Segment Start: DATA
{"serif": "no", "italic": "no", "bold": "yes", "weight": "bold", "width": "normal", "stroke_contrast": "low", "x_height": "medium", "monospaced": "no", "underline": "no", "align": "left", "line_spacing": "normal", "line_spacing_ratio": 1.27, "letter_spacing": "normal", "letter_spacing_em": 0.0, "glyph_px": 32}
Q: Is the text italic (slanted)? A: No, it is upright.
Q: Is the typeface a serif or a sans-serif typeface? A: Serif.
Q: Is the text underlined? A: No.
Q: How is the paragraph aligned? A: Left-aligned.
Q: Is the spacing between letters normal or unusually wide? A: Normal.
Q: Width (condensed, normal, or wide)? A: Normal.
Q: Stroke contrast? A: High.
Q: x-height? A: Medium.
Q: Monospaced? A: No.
Segment End: DATA
Segment Start: DATA
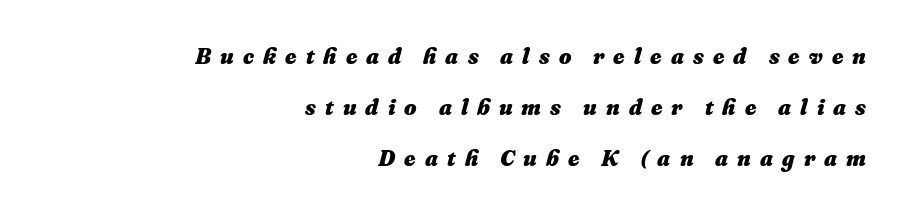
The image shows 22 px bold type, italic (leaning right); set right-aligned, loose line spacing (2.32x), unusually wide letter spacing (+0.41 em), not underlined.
Segment End: DATA
Segment Start: DATA
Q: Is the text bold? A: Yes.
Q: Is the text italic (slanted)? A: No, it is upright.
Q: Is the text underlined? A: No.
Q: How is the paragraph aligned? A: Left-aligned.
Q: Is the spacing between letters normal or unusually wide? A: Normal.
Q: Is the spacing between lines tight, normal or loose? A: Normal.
Segment End: DATA
**ACTIVITY**:
From the line holding "Q: Is the typeface" to the line holding "Q: Monospaced? A: No.", inclusive, restate each line above exactly as written.

**PROBLEM SOLUTION**:
Q: Is the typeface a serif or a sans-serif typeface? A: Serif.
Q: Is the text underlined? A: No.
Q: How is the paragraph aligned? A: Left-aligned.
Q: Is the spacing between letters normal or unusually wide? A: Normal.
Q: Width (condensed, normal, or wide)? A: Normal.
Q: Stroke contrast? A: High.
Q: x-height? A: Medium.
Q: Monospaced? A: No.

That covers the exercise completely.